Anguita Sánchez Manuel, Ojeda Pineda Soledad
Servicio de Cardiología, Hospital Universitario Reina Sofía, Córdoba, Spain.
Rev Esp Cardiol. 2006 Jul;6 Suppl F:53-8. doi: 10.1157/13091625.
Diastolic heart failure (i.e., heart failure with preserved systolic function) accounts for 30%-50% of all cases of heart failure. Prognosis is almost as poor as with systolic heart failure. Currently, the only requirements for diagnosis are that strict clinical criteria for heart failure are satisfied and that the left ventricular ejection fraction is preserved (i.e., greater than 40%-50%), although in the future measurement of brain natriuretic peptides could be useful. Because of a lack of evidence from large clinical trials, with the exception of the CHARM study which showed that candesartan slightly reduced the hospital readmission rate, therapy is based on the identification and treatment of the causal condition (e.g., hypertension or coronary heart disease), heart rate control, and relief of congestion.
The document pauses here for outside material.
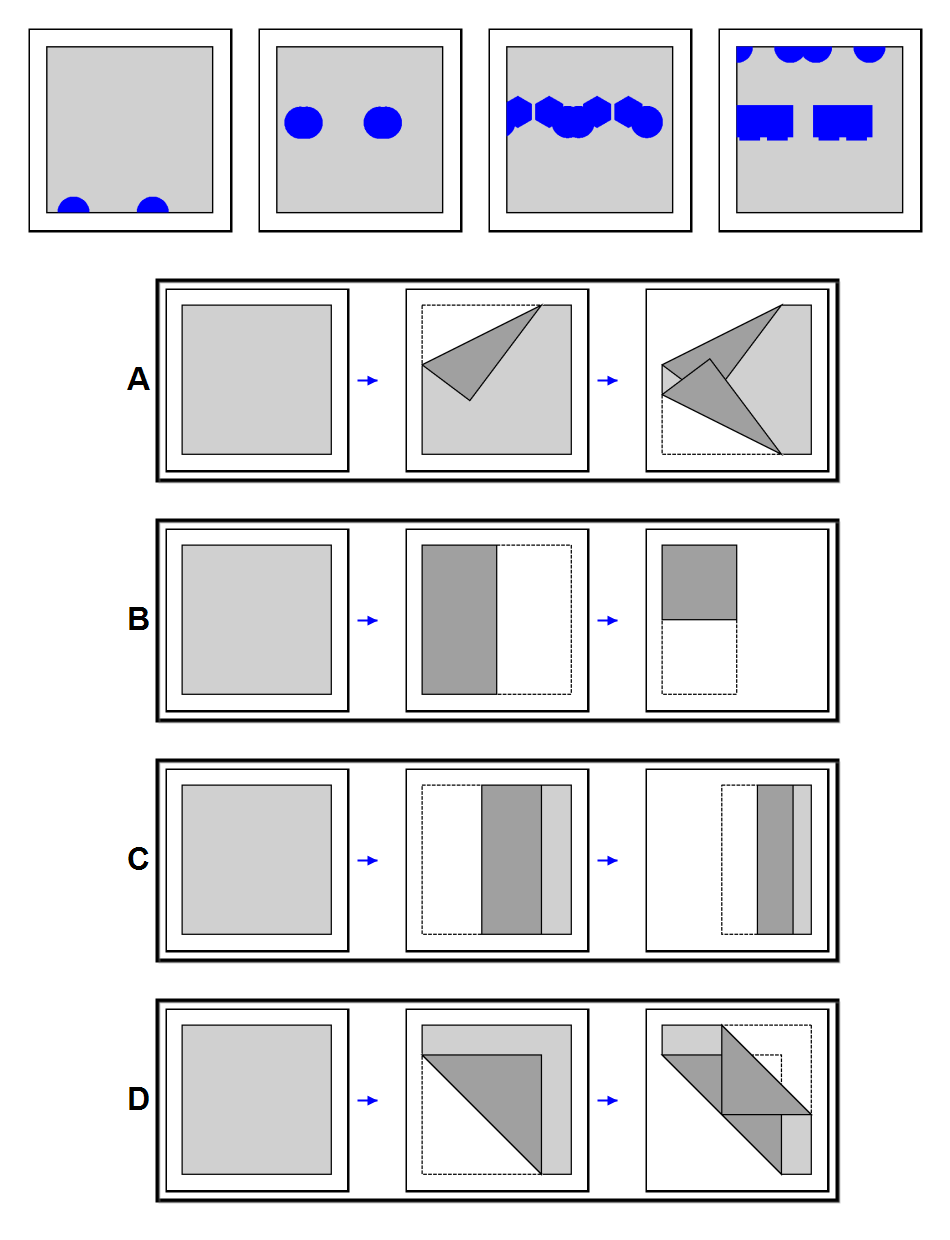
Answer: C

Thus, combination treatment with low-dose diuretics, bradycardiac antihypertensives (e.g., beta-blockers or calcium antagonists), and angiotensin antagonists currently seems to be the best therapeutic approach.
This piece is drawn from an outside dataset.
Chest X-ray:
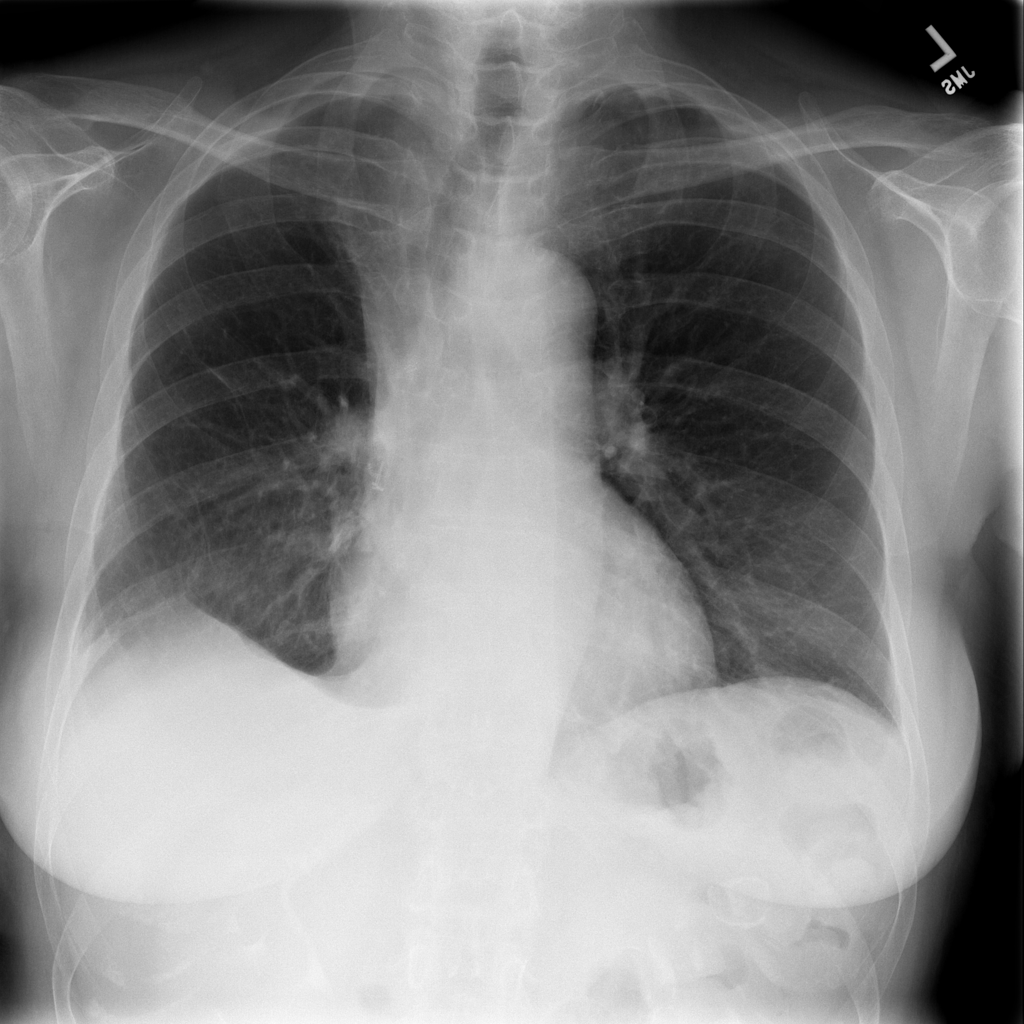
Findings: Pleural Thickening
No abnormal finding: no

舒张性心力衰竭(即收缩功能保留的心力衰竭)占所有心力衰竭病例的30% - 50%。其预后几乎与收缩性心力衰竭一样差。目前,诊断的唯一要求是满足心力衰竭的严格临床标准且左心室射血分数保留(即大于40% - 50%),不过未来脑钠肽的测量可能会有帮助。由于缺乏大型临床试验的证据,除了CHARM研究表明坎地沙坦可略微降低住院再入院率外,治疗基于对病因(如高血压或冠心病)的识别与治疗、心率控制以及缓解充血。因此,目前低剂量利尿剂、减慢心率的抗高血压药物(如β受体阻滞剂或钙拮抗剂)和血管紧张素拮抗剂的联合治疗似乎是最佳治疗方法。